Phil Spector’s death provokes mixed reaction from skeptics

LOS ANGELES (AP) – Phil Spector is considered a man with two different personas: The late music producer is considered a rock ‘n’ roll genius who enhances the genre with his “Wall of Sound” style in the 1960s and created hits for several big names from the Beatles to Tina Turner.

But while Spector made his mark as a revolutionary music producer, the stories of him waving guns for recording artists and being convicted of murder overshadowed his artistry.

California prison officials say Spector died Saturday at age 81 of natural causes in a hospital. He was convicted of the 2003 murder of actress Lana Clarkson in his castle-like mansion on the outskirts of Los Angeles. Following a trial in 2009, he was sentenced to 19 years in prison.

The reaction to Spector’s death aroused mixed feelings about his life and legacy.

Some praised his early contributions to rock music, while others struggled to forgive his erratic past.

Beach Boys musician Al Jardine said it will be “Nice to just remember him for his songs and production talents.” He said The Ronettes’ song “Be My Baby,” produced and co-written by Spector, inspired his brother Brian Wilson.

Stevie Van Zandt of Bruce Springsteen’s E Street Band calls Spector a “genius who clashes irreparably.”

“He was the best example that art was always better than the artist,” Zandt said Twitter. He added that Spector “made some of the greatest reports in history based on the salvation of love, while all his life he was unable to give or receive love.”

Meanwhile, host Drew Carey, ‘The Price is Right’, targeted Spector, calling him a ‘killer and an insulting maniac’.

“I wish he would have gotten the mental health help he so desperately needed, but he didn’t,” the comedian said. social media. ‘And instead of (asterisk) just pulling (asterisk) guns on people in anger or for pleasure, he killed one of them. Good ear for music, I’ll give it to you. ”

Spector’s ex-wife, Ronnie Spector, remembered him on Sunday as a ‘brilliant producer but a bad man’. She was the lead singer of the Ronettes.

“Unfortunately, Phil could not live and function outside the recording studio,” she wrote on Instagram. ‘Darkness has dawned, many lives have been damaged. I still smile when I hear the music we made together and will always do. The music will last forever. ”
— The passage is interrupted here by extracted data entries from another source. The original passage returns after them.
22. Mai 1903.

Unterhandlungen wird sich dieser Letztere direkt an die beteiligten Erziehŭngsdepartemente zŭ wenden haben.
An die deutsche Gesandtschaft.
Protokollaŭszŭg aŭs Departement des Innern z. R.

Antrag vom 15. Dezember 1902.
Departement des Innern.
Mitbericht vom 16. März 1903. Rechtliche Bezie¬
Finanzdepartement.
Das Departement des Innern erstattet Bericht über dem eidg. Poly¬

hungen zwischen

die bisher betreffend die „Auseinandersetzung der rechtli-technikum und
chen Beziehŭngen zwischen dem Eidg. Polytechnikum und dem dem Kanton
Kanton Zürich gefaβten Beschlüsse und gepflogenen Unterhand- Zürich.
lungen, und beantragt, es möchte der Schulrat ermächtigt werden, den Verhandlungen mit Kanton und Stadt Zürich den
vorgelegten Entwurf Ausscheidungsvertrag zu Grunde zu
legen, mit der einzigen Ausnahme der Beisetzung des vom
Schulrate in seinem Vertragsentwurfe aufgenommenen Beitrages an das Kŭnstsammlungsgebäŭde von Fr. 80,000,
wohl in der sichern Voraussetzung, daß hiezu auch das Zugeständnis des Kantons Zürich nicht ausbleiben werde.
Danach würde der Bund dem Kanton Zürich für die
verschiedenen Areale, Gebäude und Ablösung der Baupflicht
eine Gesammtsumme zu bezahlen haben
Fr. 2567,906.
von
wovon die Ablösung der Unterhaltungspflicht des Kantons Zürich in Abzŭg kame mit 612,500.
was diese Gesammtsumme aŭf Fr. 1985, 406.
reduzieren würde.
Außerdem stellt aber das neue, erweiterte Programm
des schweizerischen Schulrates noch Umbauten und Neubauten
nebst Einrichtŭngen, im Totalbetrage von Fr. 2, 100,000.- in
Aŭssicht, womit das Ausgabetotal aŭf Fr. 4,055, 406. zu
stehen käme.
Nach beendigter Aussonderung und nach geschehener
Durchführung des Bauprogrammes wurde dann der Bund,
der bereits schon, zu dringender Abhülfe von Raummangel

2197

But Darlene Love, who sang a number of Spector’s hits from ‘He’s a Rebel’ and ‘He’s Sure the Boy I Love’, followed a different approach despite her problematic relationship with the producer. She felt sad after hearing her son’s death from Spector.

“It was sad because of what Spector did, the amazing music he created, and he spent almost 20 years of his life in prison,” said Love, who admitted that during her singing career, Spector tried to “to control my talent”. She said Spector sometimes has a dangerous temperament, but she tried to remember the positive.
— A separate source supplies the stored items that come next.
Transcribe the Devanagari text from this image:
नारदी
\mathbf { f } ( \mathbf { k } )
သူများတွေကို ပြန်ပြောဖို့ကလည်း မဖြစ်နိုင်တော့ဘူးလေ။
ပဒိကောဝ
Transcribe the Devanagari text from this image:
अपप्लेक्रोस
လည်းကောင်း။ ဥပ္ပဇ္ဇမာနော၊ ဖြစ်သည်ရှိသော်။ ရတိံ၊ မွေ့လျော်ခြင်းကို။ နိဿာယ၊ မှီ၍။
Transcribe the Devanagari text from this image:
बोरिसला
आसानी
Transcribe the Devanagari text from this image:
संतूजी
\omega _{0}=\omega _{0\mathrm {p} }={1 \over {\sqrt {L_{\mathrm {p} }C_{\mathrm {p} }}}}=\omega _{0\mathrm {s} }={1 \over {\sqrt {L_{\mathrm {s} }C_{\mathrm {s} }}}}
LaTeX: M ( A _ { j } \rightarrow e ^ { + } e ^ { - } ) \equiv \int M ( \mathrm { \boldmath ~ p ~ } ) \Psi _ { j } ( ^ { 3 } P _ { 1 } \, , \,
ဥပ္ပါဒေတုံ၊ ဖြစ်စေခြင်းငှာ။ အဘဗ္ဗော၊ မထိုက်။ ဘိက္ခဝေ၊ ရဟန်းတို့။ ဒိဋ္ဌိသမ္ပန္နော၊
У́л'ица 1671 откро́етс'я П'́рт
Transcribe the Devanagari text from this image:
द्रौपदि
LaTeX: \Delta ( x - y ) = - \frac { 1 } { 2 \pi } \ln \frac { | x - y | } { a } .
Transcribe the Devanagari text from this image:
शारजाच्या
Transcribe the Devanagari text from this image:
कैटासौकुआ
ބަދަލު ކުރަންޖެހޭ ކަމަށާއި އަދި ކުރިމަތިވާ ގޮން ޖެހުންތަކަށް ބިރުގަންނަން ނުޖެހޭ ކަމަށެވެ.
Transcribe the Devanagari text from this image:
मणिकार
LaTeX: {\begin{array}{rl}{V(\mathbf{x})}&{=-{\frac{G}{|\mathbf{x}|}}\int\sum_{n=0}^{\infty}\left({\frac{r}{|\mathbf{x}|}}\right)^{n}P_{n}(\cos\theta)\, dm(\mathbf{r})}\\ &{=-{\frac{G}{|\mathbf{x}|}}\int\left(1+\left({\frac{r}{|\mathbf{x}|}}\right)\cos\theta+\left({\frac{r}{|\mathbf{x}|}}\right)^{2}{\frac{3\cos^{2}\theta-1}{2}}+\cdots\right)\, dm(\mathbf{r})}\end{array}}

“I hope people do not remember the reason why he spent those years in prison, but more or less what he did for rock ‘n’ roll,” she continues. ‘He changed the sound of rock’ n ‘roll. This is what made me sad. ”
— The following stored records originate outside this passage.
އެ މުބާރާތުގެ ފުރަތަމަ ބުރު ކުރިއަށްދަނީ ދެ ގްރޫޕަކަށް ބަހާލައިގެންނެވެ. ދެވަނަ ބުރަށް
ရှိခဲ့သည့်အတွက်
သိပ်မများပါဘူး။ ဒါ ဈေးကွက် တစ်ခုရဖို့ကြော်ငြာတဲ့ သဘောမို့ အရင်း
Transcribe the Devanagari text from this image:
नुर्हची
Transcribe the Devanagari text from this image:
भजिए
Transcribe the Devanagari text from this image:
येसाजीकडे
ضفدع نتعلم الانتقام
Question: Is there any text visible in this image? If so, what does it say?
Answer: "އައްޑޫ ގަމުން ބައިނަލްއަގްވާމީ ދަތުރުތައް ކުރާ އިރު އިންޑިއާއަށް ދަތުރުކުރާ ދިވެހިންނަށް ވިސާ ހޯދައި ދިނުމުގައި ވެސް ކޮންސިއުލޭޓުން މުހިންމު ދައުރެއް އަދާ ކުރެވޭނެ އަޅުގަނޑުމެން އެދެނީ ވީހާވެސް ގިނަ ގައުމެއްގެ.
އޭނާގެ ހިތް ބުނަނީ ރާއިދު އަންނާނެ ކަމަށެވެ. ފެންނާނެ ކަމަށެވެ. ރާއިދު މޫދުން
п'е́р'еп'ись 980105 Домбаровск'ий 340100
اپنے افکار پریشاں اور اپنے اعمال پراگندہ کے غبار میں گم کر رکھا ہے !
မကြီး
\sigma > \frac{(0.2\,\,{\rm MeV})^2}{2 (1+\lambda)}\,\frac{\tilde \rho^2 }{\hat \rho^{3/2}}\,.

Spector was seen as a visionary for channeling Wagner’s ambition into the three-minute song, which created the ‘Wall of Sound’ in the 1960s.

Bruce Springsteen and Wilson openly repeated his grandiose recording techniques and wide-eyed romance and John Lennon calls him ‘the greatest record producer ever’.

But the multiple stories about how Spector takes up guns to artists in the studio and threatens women will haunt him again after Clarkson’s death.

Clarkson, a star of ‘Barbarian Queen’ and other B-movies, was shot dead in the foyer of Spector’s mansion in the hills overlooking the Alhambra, a modest suburban city on the outskirts of Los Angeles.

Until the death of the actress, who Spector claims was an ‘accidental suicide’, few residents even knew that the mansion belonged to the secluded producer, who spent his remaining years in a prison hospital east of Stockton.

Spector was inducted into the Rock and Roll Hall of Fame in 1989. But eventually, his recording artists stopped working with him and musical styles passed him by.

“He destroyed him in the most heinous way,” said David Thompson, author of “Wall of Pain: The Biography of Phil Spector,” in 2004. ‘But we have to separate the two. There are so many people who once had reverence, and then we find out that they did something terrible. It erases all their achievements. I do not agree with that. ”

Thompson said Spector’s biography was one of his most difficult to write because he only wanted to focus on the music. But as he worked on the book, he found out about Spector’s conviction.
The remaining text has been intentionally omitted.